期刊
ANNALS OF ONCOLOGY
卷 24, 期 10, 页码 2522-2526出版社
OXFORD UNIV PRESS
DOI: 10.1093/annonc/mdt248
关键词
neoadjuvant chemotherapy; molecular characterization; residual disease; resistance; triple receptor-negative breast cancer
类别
资金
- Komen for the Cure Catalystic Award [KG090341]
- American Cancer Society Research Scholar Grant [121329-RSG-11-187-01-TBG]

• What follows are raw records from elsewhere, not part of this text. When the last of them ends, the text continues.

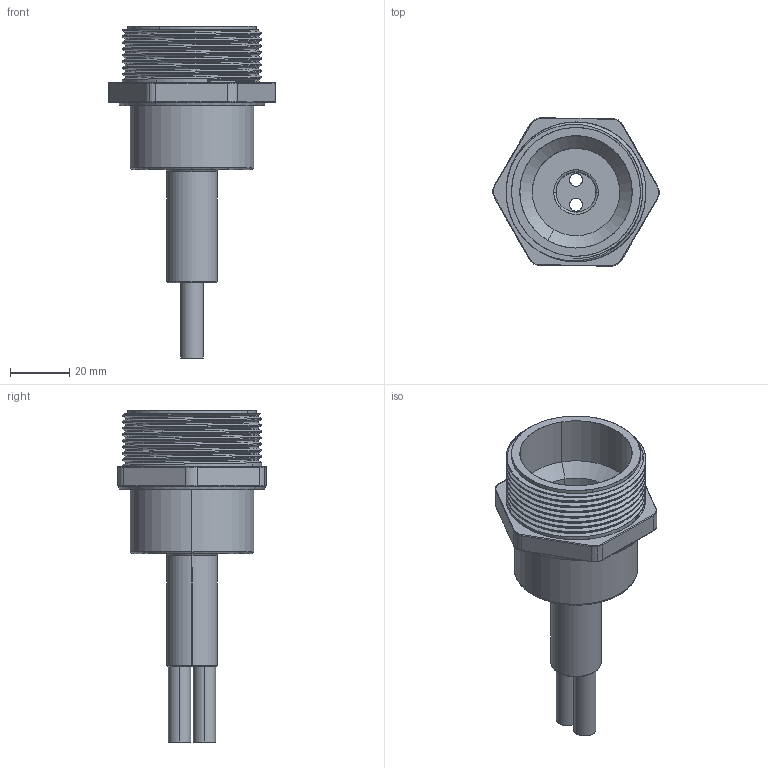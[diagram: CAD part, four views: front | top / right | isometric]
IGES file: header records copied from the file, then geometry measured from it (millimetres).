
Start section: SolidWorks IGES file using analytic representation for surfaces
Global section: file name: 4-NUP-2B.IGS; native system: SolidWorks 2020; preprocessor: SolidWorks 2020; author: office; date: 210601.081519; units: millimetre
Bounding box: 56.26 x 49.93 x 111.89 mm (x, y, z)
Surface area: 28974.3 mm2 (no closed solid volume)
Topology: 0 solids, 0 shells, 150 faces, 3117 edges, 3117 vertices
Faces by surface type: revolution 92, bspline 58

- National Cancer Institute through The University of Texas MD Anderson's Cancer Center Support Grant [P30 CA016672]
- [K23CA121994-01]
In this study, we used functional proteomics to determine the molecular characteristics of residual triple receptor-negative breast cancer (TNBC) patients after neoadjuvant systemic chemotherapy (NCT) and their relationship with patient outcomes in order to identify potential targets for therapy. Protein was extracted from 54 residual TNBCs, and 76 proteins related to breast cancer signaling were measured by reverse phase protein arrays (RPPAs). Univariable and multivariable Cox proportional hazard models were fitted for each protein. Survival outcomes were estimated by the Kaplan-Meier product limit method. Training and cross validation were carried out. The coefficients estimated from the multivariable Cox model were used to calculate a risk score (RS) for each sample. Multivariable analysis using the top 25 proteins from univariable analysis at a false discovery rate (FDR) of 0.3 showed that AKT, IGFBP2, LKB1, S6 and Stathmin were predictors of recurrence-free survival (RFS). The cross-validation model was reproducible. The RS model calculated based on the multivariable analysis was -1.1086 x AKT + 0.2501 x IGFBP2 - 0.6745 x LKB1+1.0692 x S6 + 1.4086 x stathmin with a corresponding area under the curve, AUC = 0.856. The RS was an independent predictor of RFS (HR = 3.28, 95%CI = 2.07-5.20, P < 0.001). We found a five-protein model that independently predicted RFS risk in patients with residual TNBC disease. The PI3 K pathway may represent potential therapeutic targets in this resistant disease.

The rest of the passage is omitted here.